Just like with logs, Developers can add metrics to their applications too.
However, when we have multiple applications and web services, microservices all talking to one another over networks, it can be useful to trace a network request all the way through a system to monitor a full transaction.
For example, a customer interacts with a website in the browser. That makes a web request to our front end. Our front end makes a few requests to back ends, and some back ends interact with one another and with databases.
This is where Tracing comes in. Tracing is a technology used by applications and some web servers to inject tracking data into requests as it flows through systems. Then we can use visualization tools to see an entire transaction with all its requests
A lot can happen to form a transaction, and sometimes systems can slow down.

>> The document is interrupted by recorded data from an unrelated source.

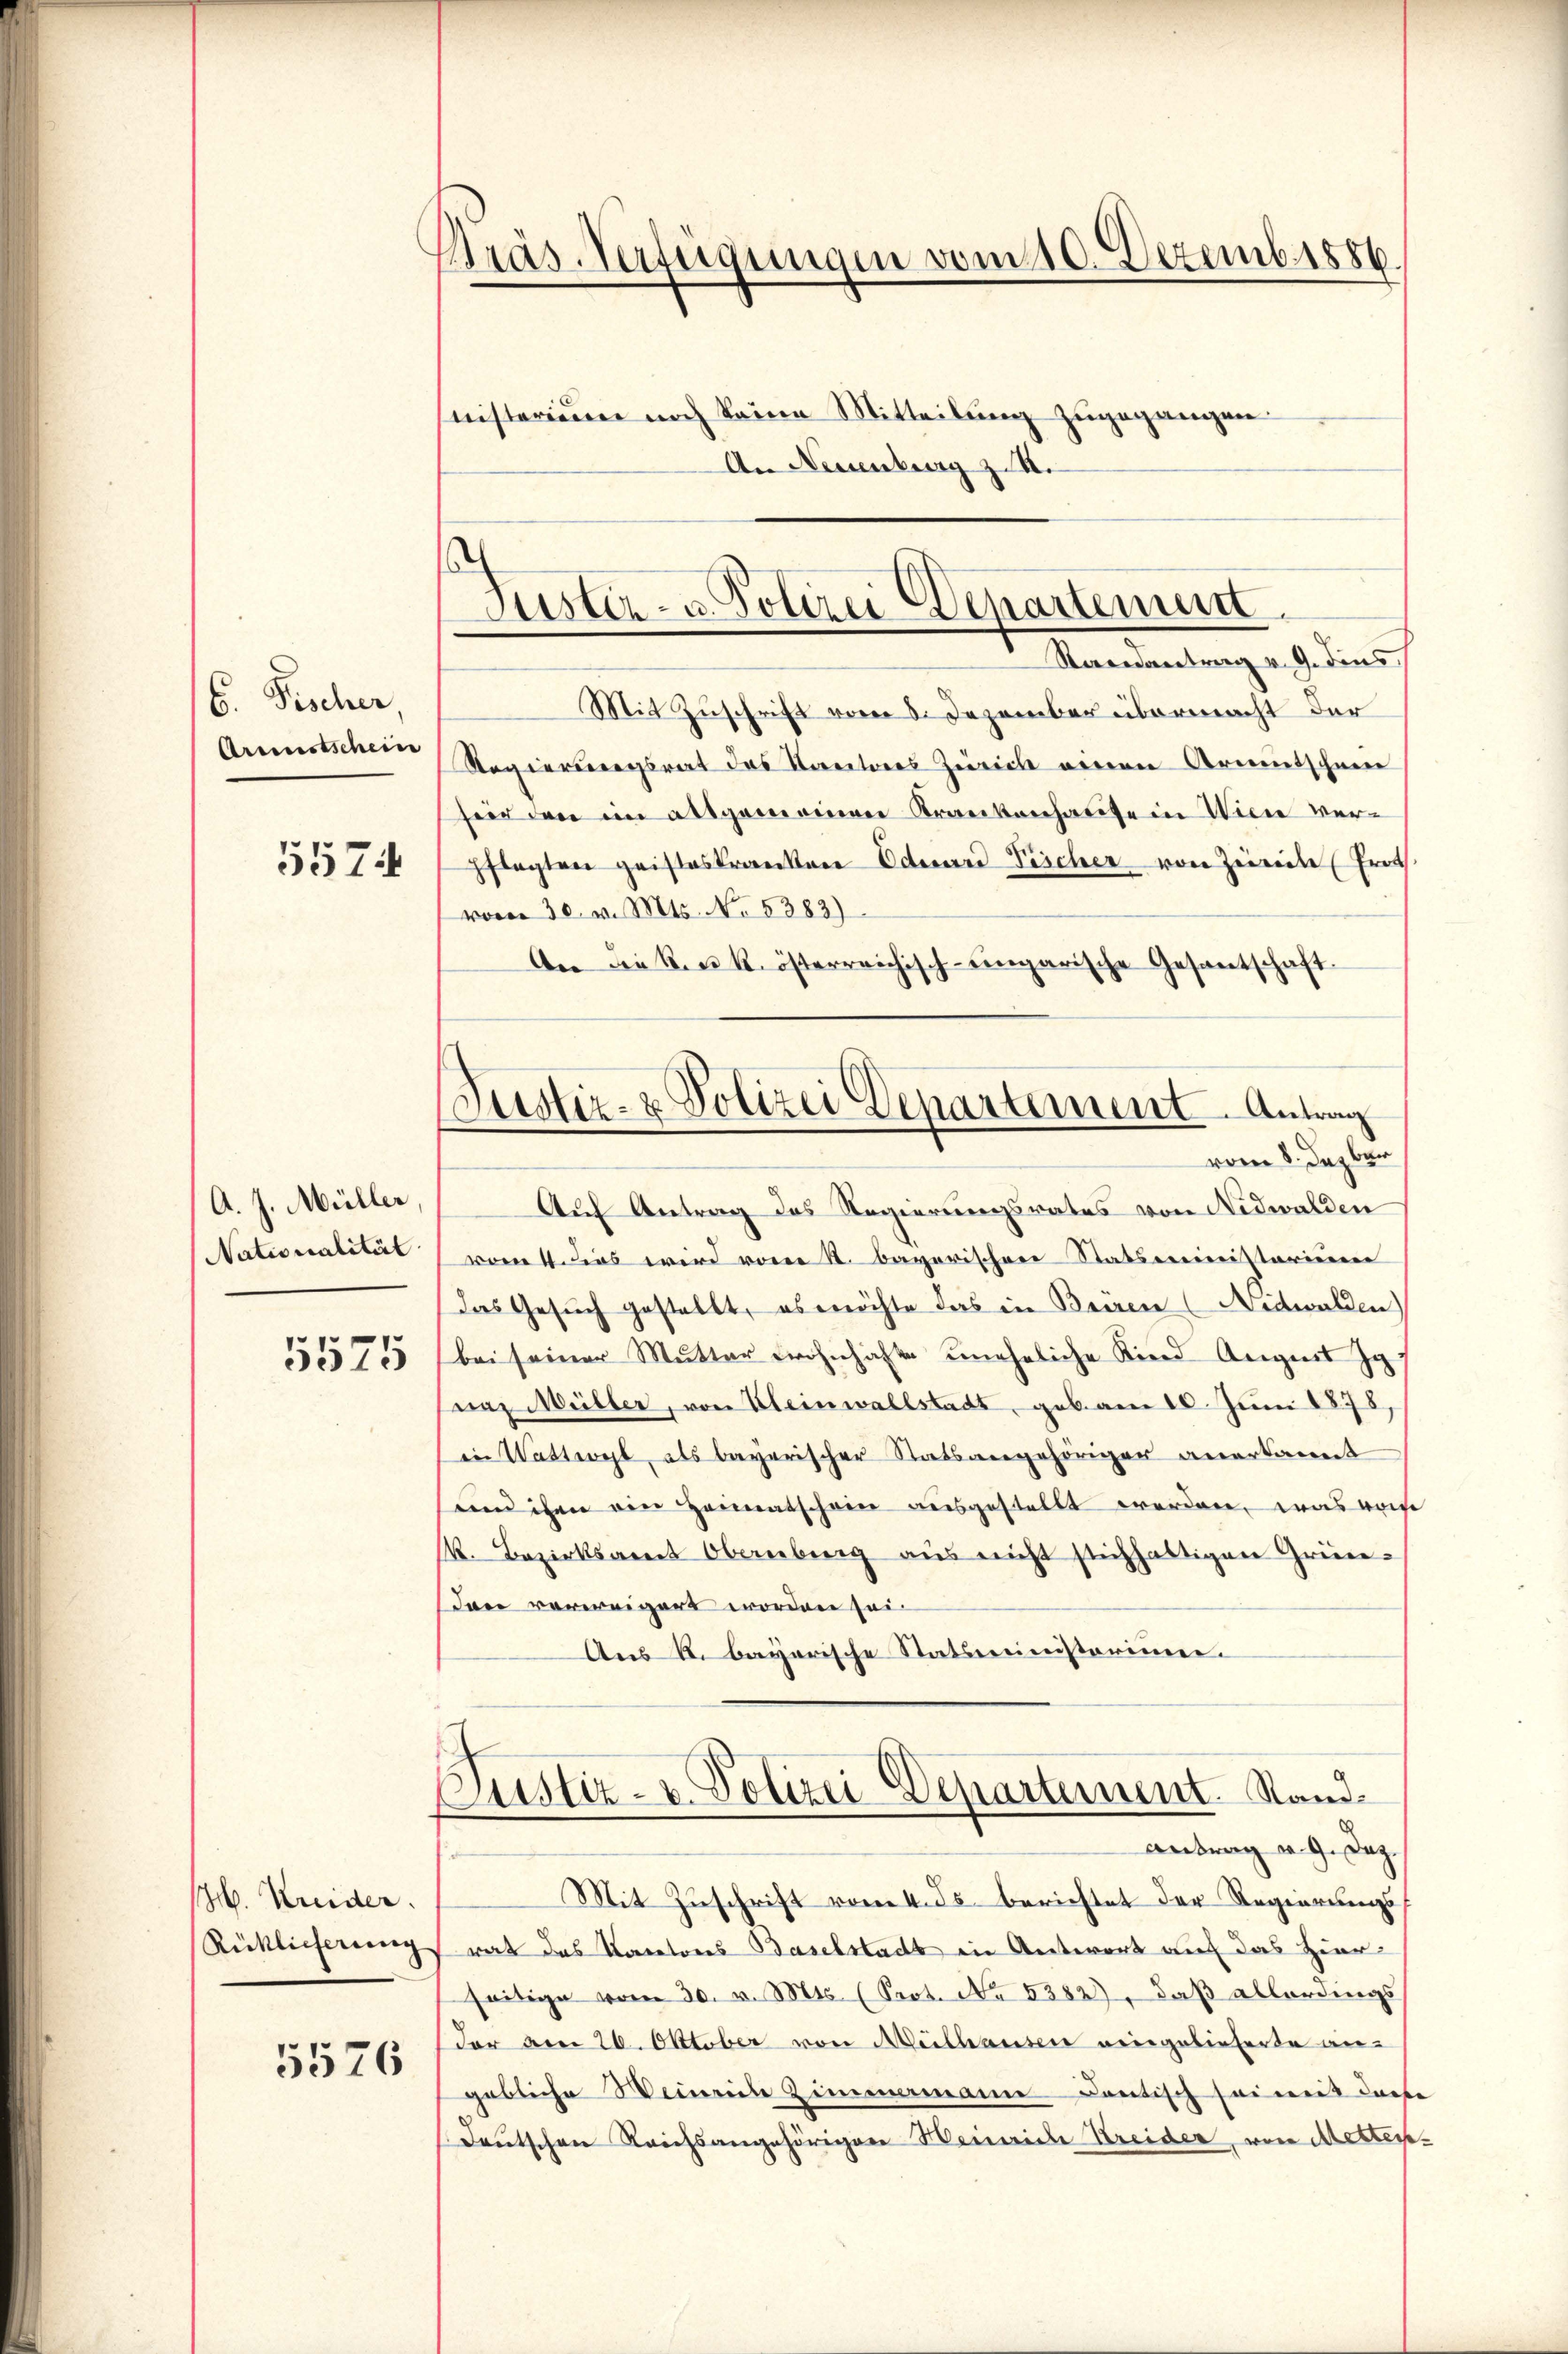
6. Fischer,
Arienstschein
5574

A. J. Müller,
Nationalität
5575

H. Kreider.
Rüklicherung

5576

Präs. Verfügungen vom 10. Dezemb. 1886.
nisterium noch keine Mitteilung zugegangen.
An Neuenburg z. B.

Justiz- u. Polizei Departemen
Randantrag v. 9. dies

Mit Zuschrift vom 8. Dezember übermacht der
Regierungsrat das Kantons Zürich einen Armutschneee
seid den im altgemeinen Krankenhause in Wien ver-
pflegten geisteskranken Eduard Pischer von Zürich Froh
vom 30. v. Mts. No. 5383)
An die k. k. österreichisch-eingarische Gesantsche
d
vom 8. Dezber
Auf Antrag das Regierungsrates von Nidwalden
vom 4. Dies wird von St. Bayerischere Statsministarieren
das Gesuch gestellt, es möchte das in Beeren (Nidwalden)
bei seiner Mutter wohnhafte uneheliche Kind Augens g
ea Müller, von Kleinwallstadt, gebann 10. Juni 1878,
in Wattwyl, als bayerischer Statsangehöriger anerkannt
und ihm ein Heimatschein ausgestellt werden, was weise
k. Bezirksamt Obenberg aus nicht stichhaltigen Grün-
Dan verereigert worden sei¬
Aus K. bayerische Statsministerinnen.
Justiz- u. Polizei-Departement. Stand.
Antrag d. 9. Dez.
Mit Zuschrift vom 4. ds. berichtet der Regierungsrat das Kantons Baselstadt in Antwort auf das Hier
seitige vom 30. v. Mts. (Sept. No 6382), daß allerdings
der am 26. Oktober von Meilhausen eingelieferte angebliche Weines Zimmermanne contisch sei mit doch
deutschen Reichsangehörigen Weineide Kreider, von Metter

Justiz- & Polizei Departement. Antrag

Tracing is very useful to detect bottlenecks in a distributed system
There are a number of tools that help collect metrics:
-
Jaeger: An open-source, end-to-end distributed tracing tool originally developed by Uber Technologies. It is used for monitoring and troubleshooting microservices-based distributed systems.
-
Zipkin: An open-source distributed tracing system that helps gather timing data needed to troubleshoot latency problems in service architectures.
-
OpenTelemetry: A collection of tools, APIs, and SDKs that can be used to instrument, generate, collect, and export telemetry data (metrics, logs, and traces) to help you analyze your software’s performance and behavior.
-
New Relic APM: Provides distributed tracing capabilities to monitor and troubleshoot application performance issues.
-
Datadog APM: Provides end-to-end distributed tracing from frontend devices to backend services, with automatic instrumentation for popular frameworks.